I am not the person you’d expect to be an outspoken supporter of hunting as a conservation tool. I’ve been a vegetarian for nearly half my life. And the last time my late grandfather dragged me to a deer hunt—his version of an intervention after learning I no longer ate meat—I pretended to have forgotten how to work my gun’s safety when he pointed out “my” deer. Suffice it to say, I have no interest in hunting. But none of that matters to whether hunting is an effective means of avoiding species’ extinction. It is.
Last week, the New York Times published an article that wrestled with the discomfort many people feel with hunting species to save them.
The Ox Ranch near Uvalde, Tex., is not quite a zoo, and not quite an animal shooting range, but something in between. The ranch’s hunting guides and managers walk a thin, controversial line between caring for thousands of rare, threatened and endangered animals and helping to execute them. Some see the ranch as a place for sport and conservation. Some see it as a place for slaughter and hypocrisy.
The logic behind hunting as a tool to save endangered species is simple: when someone owns a population of an animal, she has an incentive to protect and grow it. Cattle will likely never go extinct because ranchers have very strong financial incentives to ensure that doesn’t happen. Similarly, fears that colony collapse disorder could threaten the future of bee species proved overblown because professional beekeepers had strong incentives to increase colony production to compensate for any losses.

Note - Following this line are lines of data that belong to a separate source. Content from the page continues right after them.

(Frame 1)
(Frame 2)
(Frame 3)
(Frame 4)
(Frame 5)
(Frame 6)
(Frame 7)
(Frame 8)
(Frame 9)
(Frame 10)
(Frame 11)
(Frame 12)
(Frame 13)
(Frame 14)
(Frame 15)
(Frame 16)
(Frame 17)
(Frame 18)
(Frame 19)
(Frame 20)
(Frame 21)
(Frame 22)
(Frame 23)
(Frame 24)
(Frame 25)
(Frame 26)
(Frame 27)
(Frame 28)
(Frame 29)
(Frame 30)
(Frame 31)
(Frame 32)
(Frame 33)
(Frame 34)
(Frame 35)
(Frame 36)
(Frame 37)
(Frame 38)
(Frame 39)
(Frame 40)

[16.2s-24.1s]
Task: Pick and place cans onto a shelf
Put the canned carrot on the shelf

Same with hunting. Many exotic species popular with hunters are facing extinction in their native range. But for-profit ranches have succeeded in establishing healthy, growing populations financed by hunting.

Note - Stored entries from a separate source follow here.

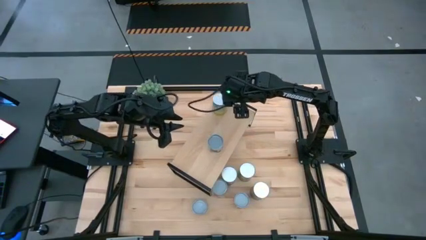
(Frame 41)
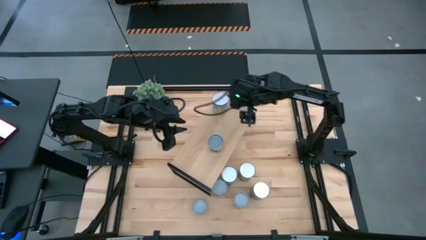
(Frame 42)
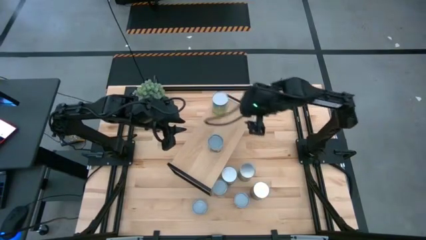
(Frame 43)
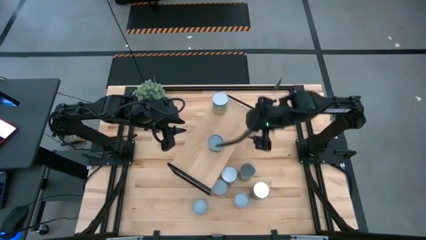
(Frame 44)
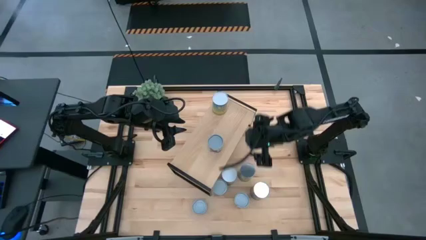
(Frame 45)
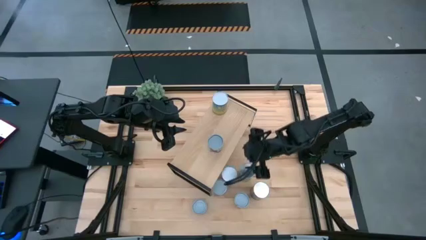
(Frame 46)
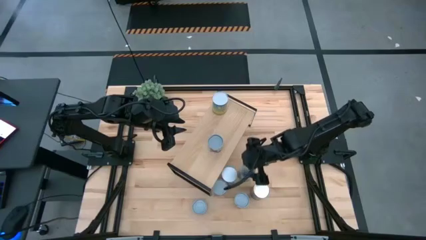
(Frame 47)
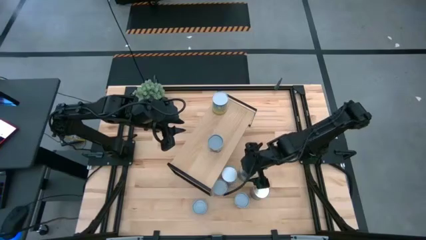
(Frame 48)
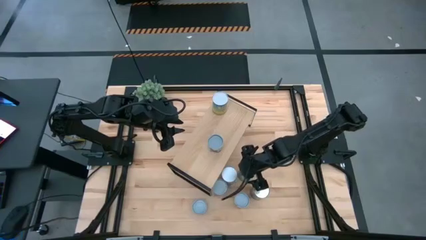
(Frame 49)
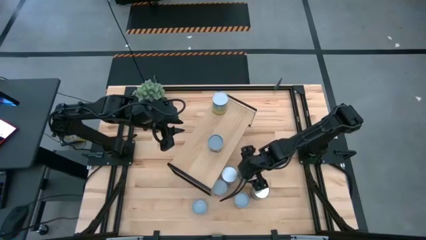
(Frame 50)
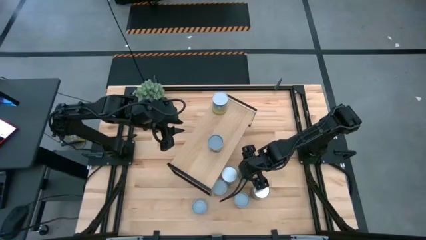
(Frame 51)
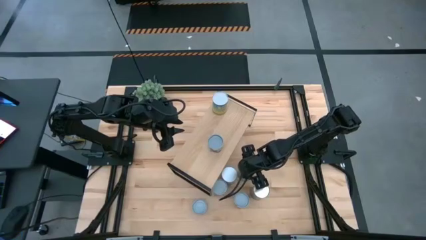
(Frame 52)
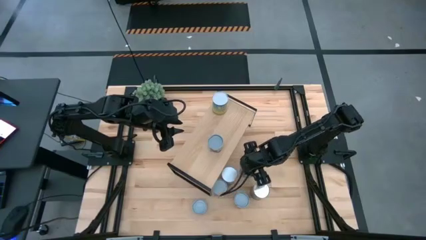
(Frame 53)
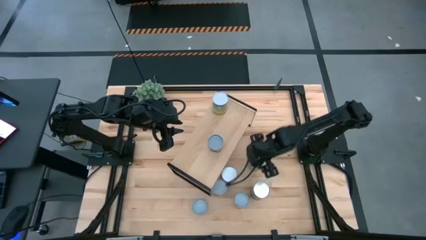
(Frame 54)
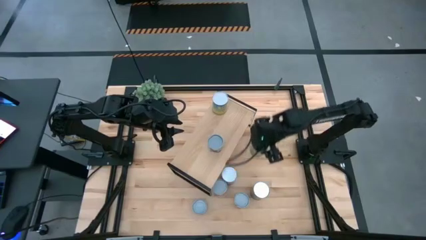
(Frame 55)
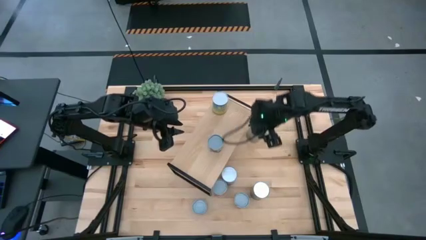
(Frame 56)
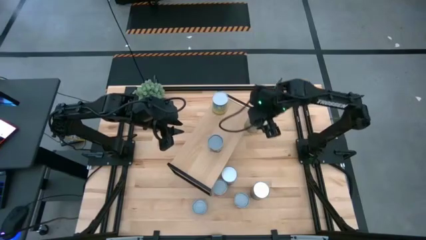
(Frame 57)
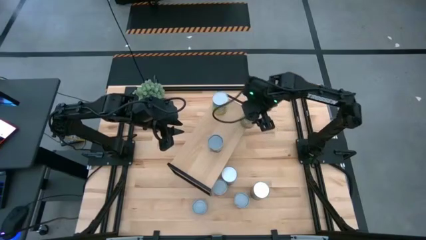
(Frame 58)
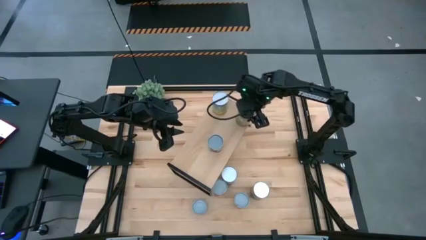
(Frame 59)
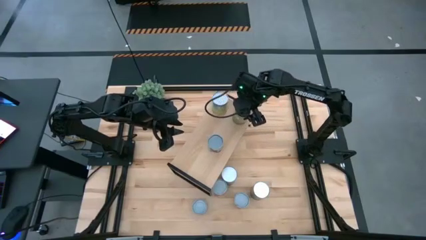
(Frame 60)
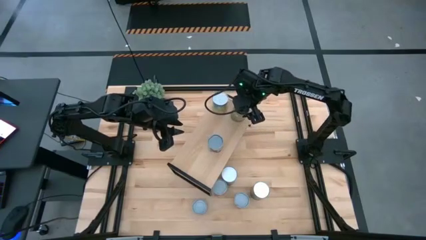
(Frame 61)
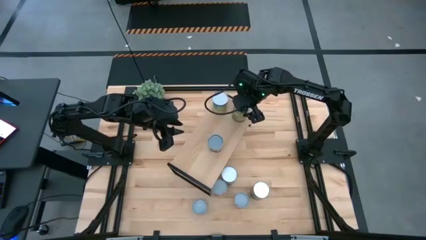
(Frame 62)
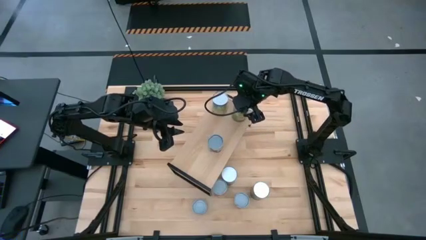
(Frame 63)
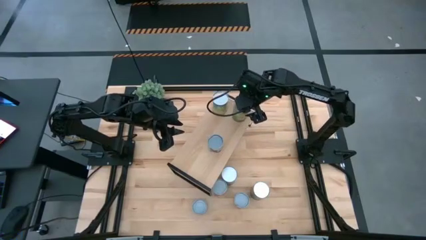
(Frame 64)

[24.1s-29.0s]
Put the canned orange on the shelf

Exotic-game ranches see themselves not as an enemy of wildlife conservation but as an ally, arguing that they contribute a percentage of their profits to conservation efforts. “We love the animals, and that’s why we hunt them,” Mr. Molitor said. “Most hunters in general are more in line with conservation than the public believes that they are.” Beyond the financial contributions, hunting ranches and their supporters say the blending of commerce and conservation helps save species from extinction.

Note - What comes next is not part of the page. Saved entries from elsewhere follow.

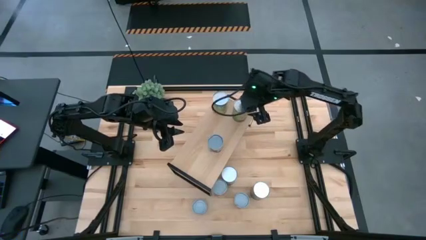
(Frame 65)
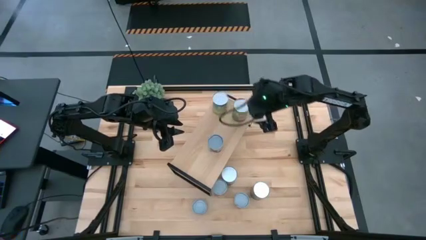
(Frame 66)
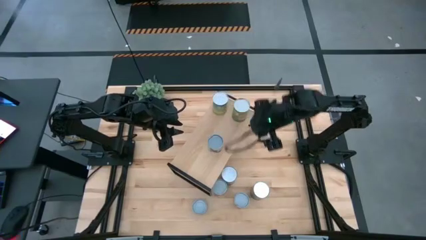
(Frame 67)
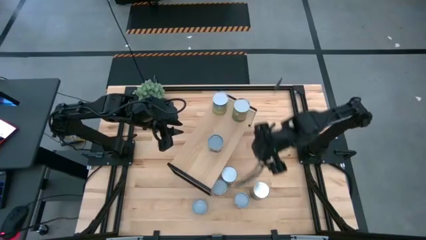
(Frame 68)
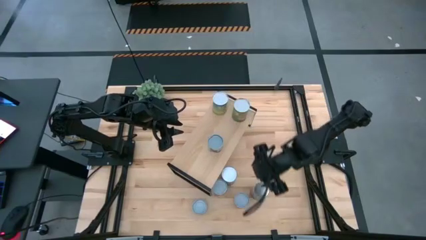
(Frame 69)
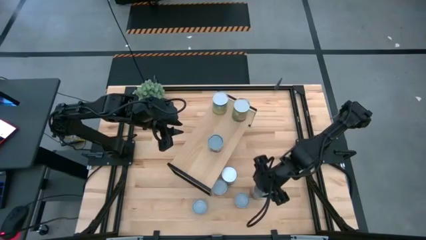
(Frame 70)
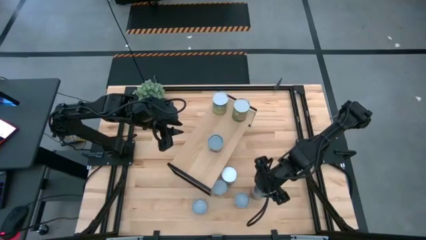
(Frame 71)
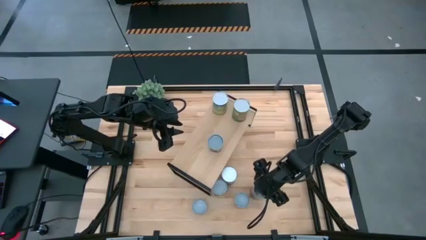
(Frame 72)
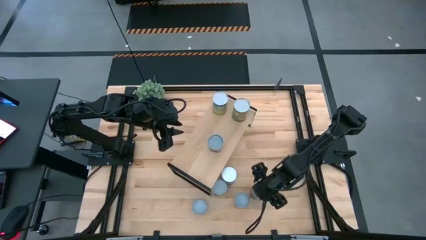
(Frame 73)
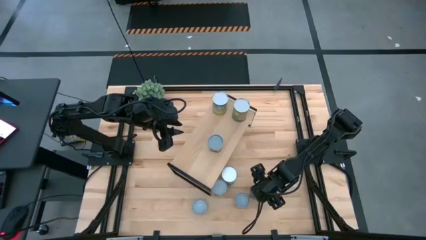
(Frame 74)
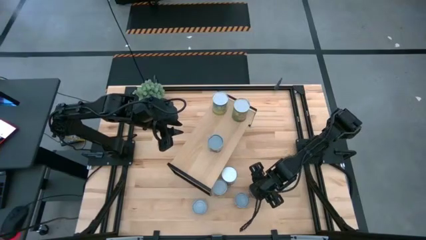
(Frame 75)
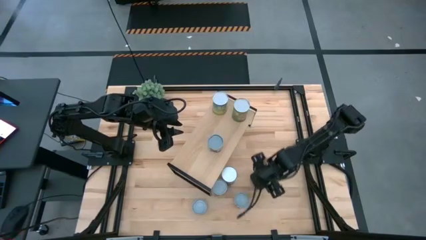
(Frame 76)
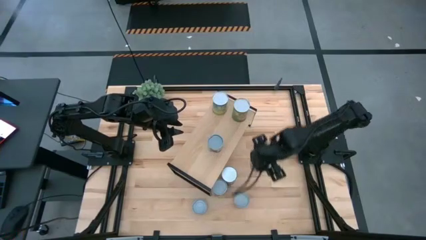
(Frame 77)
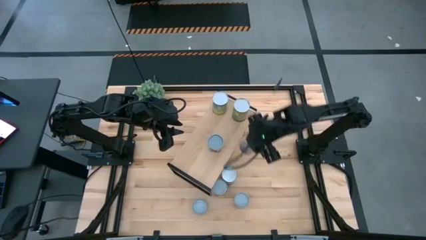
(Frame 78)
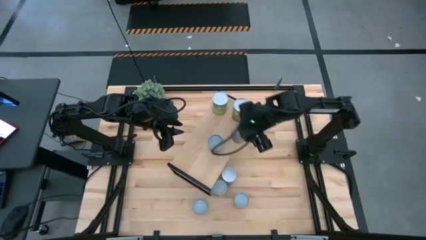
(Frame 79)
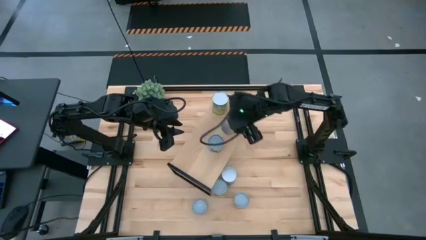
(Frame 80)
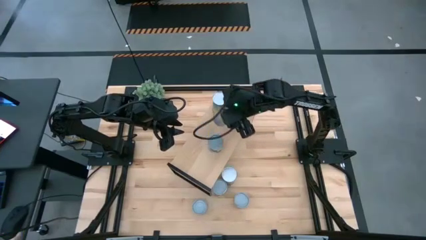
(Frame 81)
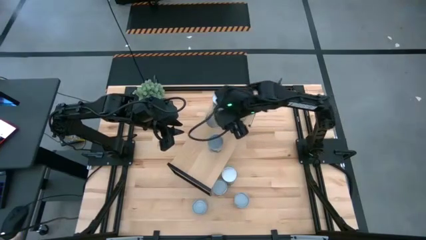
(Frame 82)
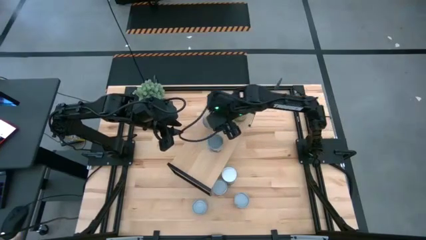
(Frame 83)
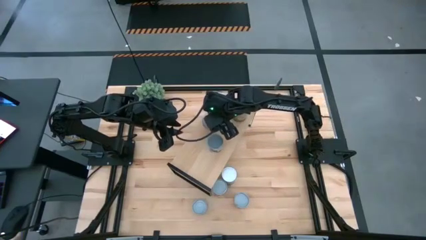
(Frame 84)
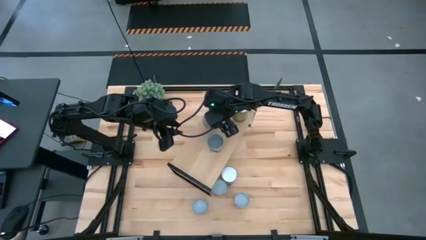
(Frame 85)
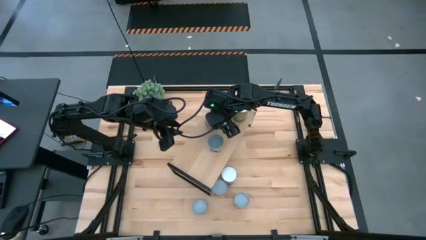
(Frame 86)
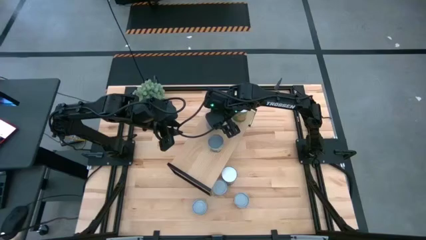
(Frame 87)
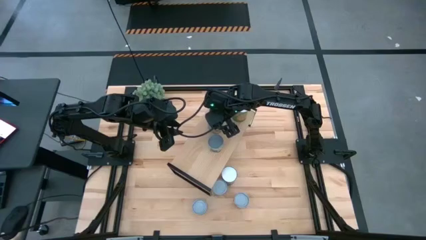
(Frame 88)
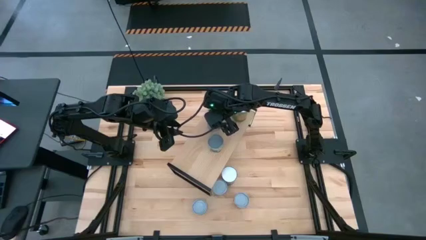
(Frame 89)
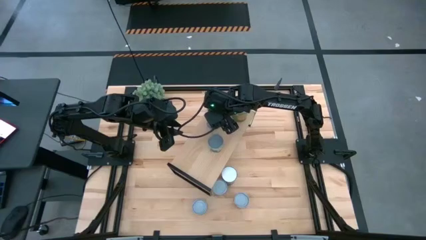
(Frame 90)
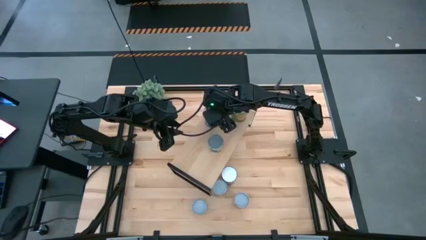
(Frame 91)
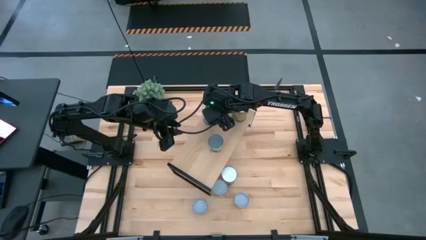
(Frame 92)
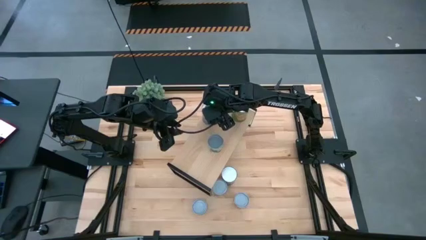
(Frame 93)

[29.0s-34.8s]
Put the canned peaches on the shelf

The evidence of that last point is overwhelming. In the 90s and early 2000s, four species of African antelope exploded in an unlikely place—Texas. Those populations were funded through hunting, giving the owners an incentive to grow larger, sustainable populations. That changed in 2009 when a federal court held that these ranches could no longer operate without navigating the expensive, time-consuming, and complicated Endangered Species Act permit process for every hunt. This was an existential threat to these ranches and to the populations they had grown. Fortunately, Congress quickly stepped in and overruled the court’s decision. Since then the populations have continued to thrive on Texas’ exotic hunting ranches.
Because the industry is largely unregulated, there is no official census of exotic animals in Texas. But ranchers and wildlife experts said that Texas has more exotics than any other state. A survey by the state Parks and Wildlife Department in 1994 put the exotic population at more than 195,000 animals from 87 species, but the industry has grown explosively since then; one estimate by John T. Baccus, a retired Texas State University biologist, puts the current total at roughly 1.3 million.
But for many, this record of conservation success can’t overcome the queasiness they feel about hunting endangered species. That’s unfortunate but understandable. Often, the effective cure for a problem isn’t pretty. We treat many cancers with chemotherapies that cause a host of nasty side effects. But we gladly accept the ugliness of that treatment because it is better than the disease it cures. Animal rights activists should view hunting the same way. Many may never like hunting, but hopefully we can all agree that it is better than the alternative—losing rare species forever.